If you do any of these things – or anything – else, and would like to invite refugees or asylum seekers to join you, please email Dan and we will send your invitation round our networks.
Ian Harding suggests a ‘Welcome Centre’
I’m sure many of you have had that experience of a long and tiring journey. Usually the day’s been stressful for a number of reasons – maybe the traffic was awful – and then there’s that great moment as you turn the corner and see home. Everything inside you relaxes, excited for the journey to be over.
For those seeking sanctuary in Sheffield, a welcome centre, can possess the same significance. A place with a warm, friendly greeting, the chance to catch up with friends, a place to get advice, a place to share jokes, exchange stories, a place for great food and a great cup of coffee. A place in fact like home.
Wouldn’t it be great if Sheffield a one such place, a place where all asylum seekers, refugees, international students could meet and experience true community?
All we need is a buidling. Suggestions anyone?
Amida Sheffield and Htooku Hsarsay…
…will cooperate to develop links between Buddhist refugees in Sheffield and local Buddhists.
Transition Sheffield suggest:
Transition Sheffield is working on several projects aimed at building local communities and economies and reducing our dependence on fossil fuels (www.transitionsheffield.org.uk). The Heeley/Meersbrook group is planning to buy some land in the Moss Valley, to turn into a large community supported agriculture project, as a low-energy local and sustainable food resource for the community. We would like to find ways of including people seeking sanctuary in the project, including in the early planning stages if possible. We will work with the VAS refugee volunteering project to try to find suitable people who might be interested in helping us get going. I’m also interested in drawing on refugees’ experiences in their own countries to help us to learn more about the current impact of climate change throughout the world. This could be a resource for many organisations campaigning in this area eg Sheffield Campaign Against Climate Change etc.

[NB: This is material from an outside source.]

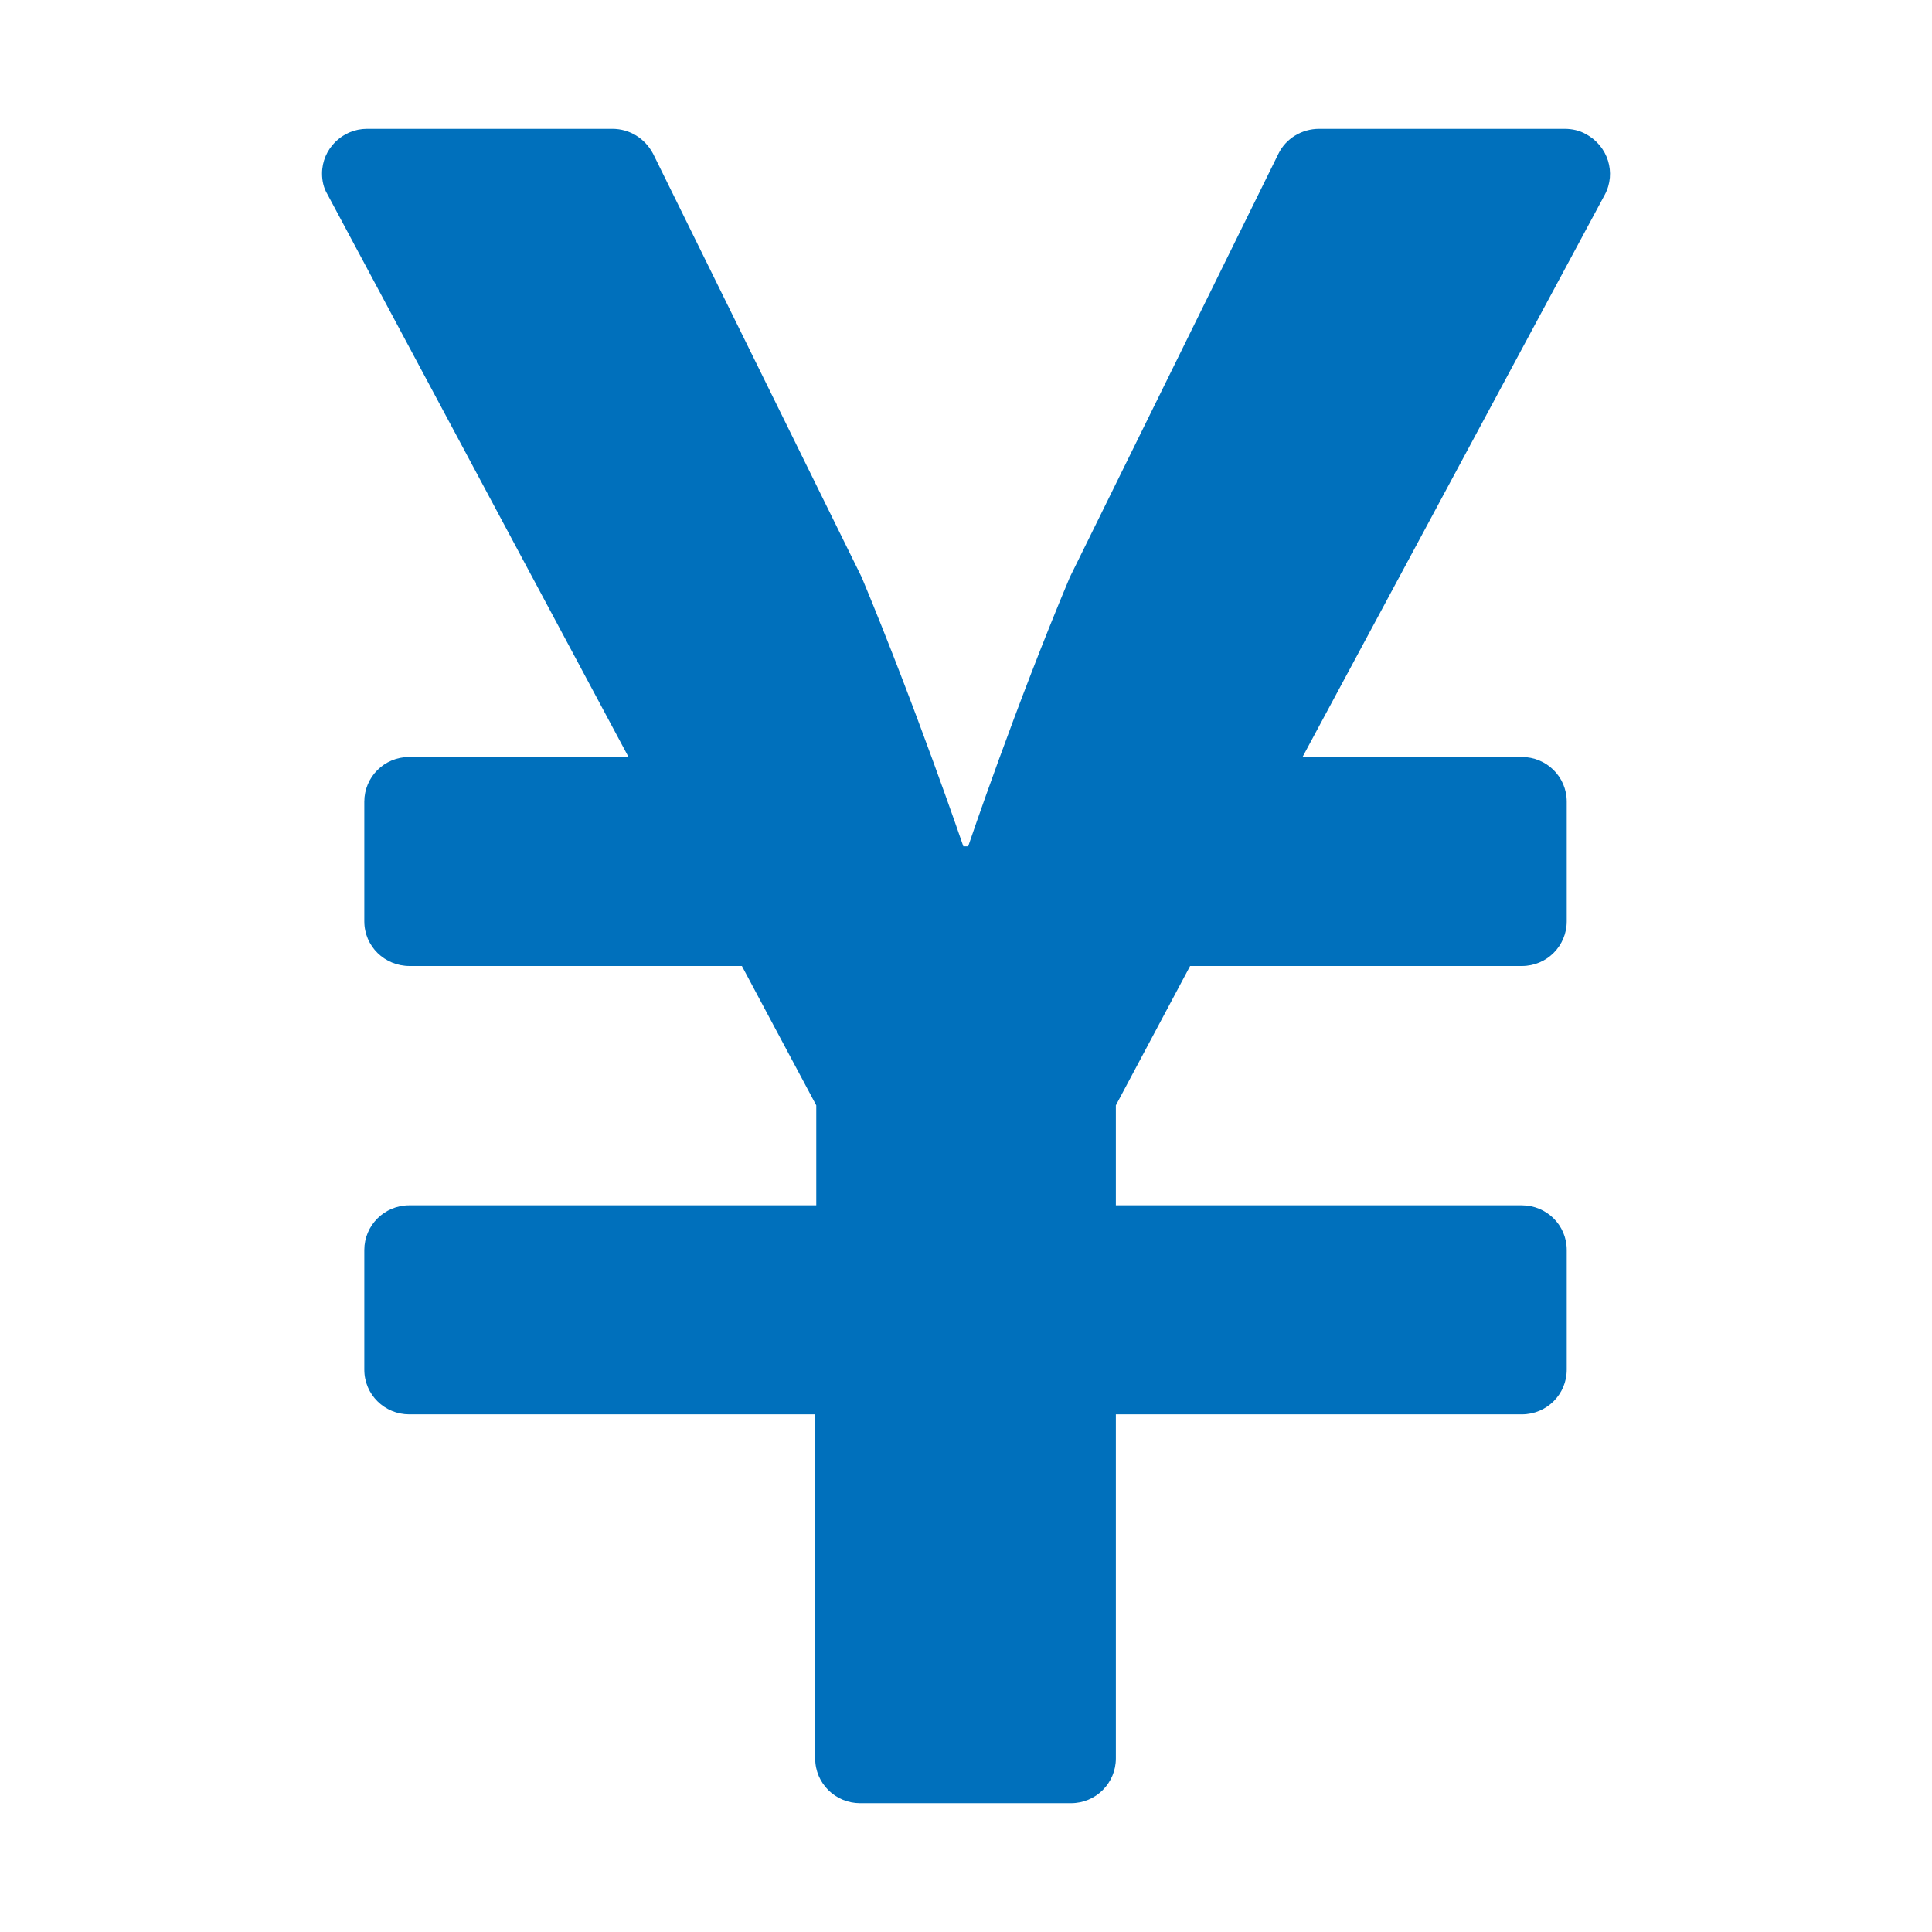 <svg width="16" height="16" viewBox="0 0 16 16" fill="none" xmlns="http://www.w3.org/2000/svg">
<path d="M12.957 1.067H10.924C10.782 1.067 10.649 1.146 10.587 1.274L8.86 4.78C8.408 5.855 8.018 7.009 8.018 7.009H7.978C7.978 7.009 7.584 5.855 7.136 4.78L5.409 1.274C5.342 1.146 5.214 1.067 5.072 1.067H3.039C2.835 1.067 2.667 1.234 2.667 1.437C2.667 1.498 2.68 1.556 2.711 1.608L5.205 6.269H3.389C3.181 6.269 3.017 6.436 3.017 6.639V7.63C3.017 7.837 3.185 8 3.393 8H6.144L6.76 9.154V9.982H3.389C3.181 9.982 3.017 10.15 3.017 10.352V11.343C3.017 11.55 3.185 11.713 3.389 11.713H6.751V14.563C6.751 14.77 6.919 14.933 7.123 14.933H8.869C9.077 14.933 9.241 14.766 9.241 14.563V11.713H12.603C12.811 11.713 12.975 11.546 12.975 11.343V10.352C12.975 10.145 12.807 9.982 12.603 9.982H9.241V9.154L9.856 8H12.603C12.811 8 12.975 7.833 12.975 7.63V6.639C12.975 6.432 12.807 6.269 12.603 6.269H10.787L13.29 1.613C13.387 1.432 13.316 1.208 13.134 1.111C13.081 1.08 13.019 1.067 12.957 1.067Z" fill="#0070BC"/>
</svg>

Dale from New Games suggests:
New Games are cooperative group games for everybody. People of all ages, sizes, both genders and all ability levels can join in, so even when there is competition, it doesn’t matter who wins. The emphasis is on participation and having fun.

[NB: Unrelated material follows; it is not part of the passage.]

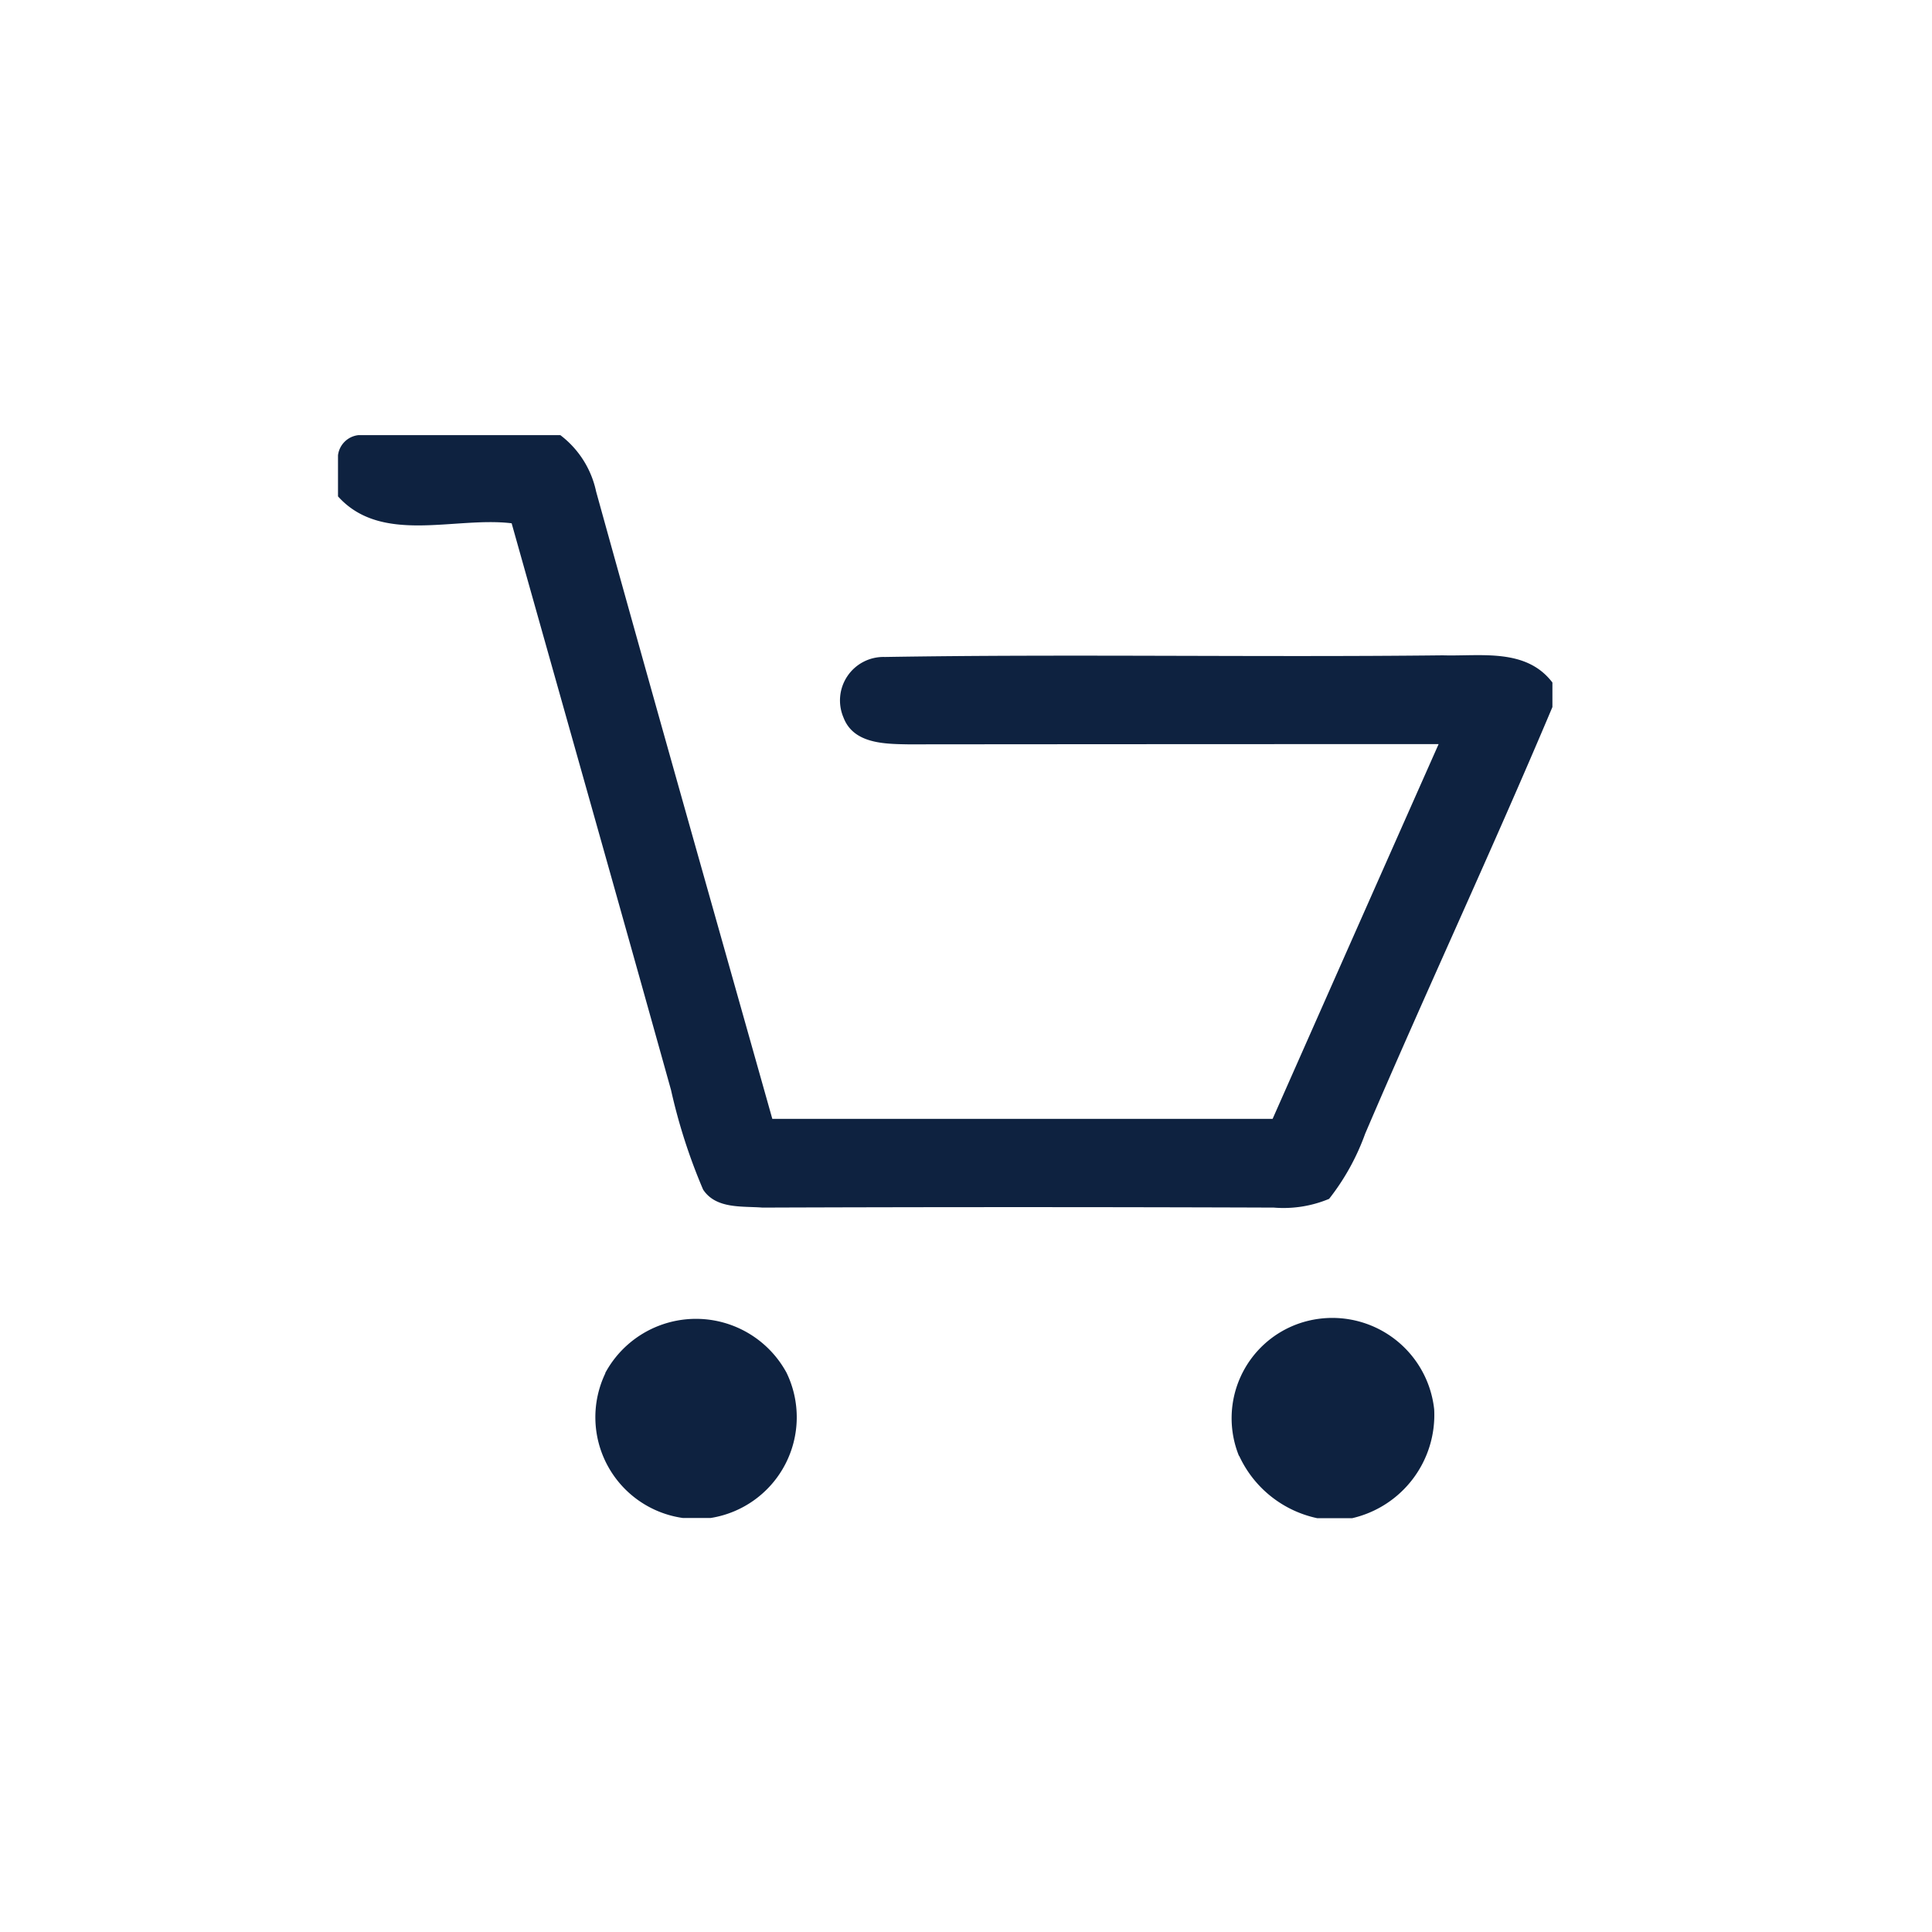 <svg xmlns="http://www.w3.org/2000/svg" width="40" height="40" viewBox="0 0 40 40">
  <g id="cart-mobile" transform="translate(-231 -24)">
    <path id="Caminho_28" data-name="Caminho 28" d="M1.287.007H5.466a1.98,1.98,0,0,1,.741,1.168c1.2,4.333,2.428,8.658,3.648,12.988H20.213q1.716-3.88,3.437-7.759-5.491,0-10.979.005c-.488-.009-1.136-.009-1.343-.557A.9.9,0,0,1,12.185,4.6c3.849-.063,7.7.009,11.553-.034.782.023,1.722-.156,2.268.563v.508c-1.249,2.962-2.612,5.877-3.877,8.834a4.821,4.821,0,0,1-.746,1.348A2.446,2.446,0,0,1,20.238,16q-5.294-.019-10.587,0c-.419-.033-.962.033-1.229-.373a11.758,11.758,0,0,1-.664-2.061c-1.092-3.914-2.2-7.821-3.3-11.734-1.176-.143-2.695.446-3.595-.557V.424A.478.478,0,0,1,1.287.007ZM6.394,19.428a2.134,2.134,0,0,1,3.755-.01A2.112,2.112,0,0,1,8.58,22.426H8a2.107,2.107,0,0,1-1.6-3Zm13.121,1.709A2.076,2.076,0,0,1,20.758,18.4a2.121,2.121,0,0,1,2.8,1.776,2.193,2.193,0,0,1-1.7,2.255h-.719a2.306,2.306,0,0,1-1.617-1.289Z" transform="translate(237.135 33.002)" fill="#0e2240" fill-rule="evenodd"/>
  </g>
</svg>

These games are one of the best ways of making a collection of individuals into a group. When we do New Games together, it creates a lasting, positive connection to the other players. While a person may feel nervous and alone coming into the games, they leave feeling they know the others enough to feel friendly towards them, having had the same shared good experience. The games serve to bring down boundaries between people.
Boggart’s Breakfast Morris Dancers suggest:
..have a multi cultural Day Of Dance to take place in the city centre, to incorporate elements of the Sheffield Folk festival, Chance to Dance and Refugee Week and create a large event under the umbrella of City of Sanctuary and Folk Against Fascism. The UK folk scene is a welcoming one; folk music and dance have always been about collaboration, participation, communication and respect. The event would showcase Morris Dancing as part of British culture, incorporate dance from all over the world, and even mix it up a bit, with perhaps Boggarts Breakfast dancing with a Congolese drumming section in the Peace Gardens. Dancing can take place in different locations and there could be dance workshops and speakers.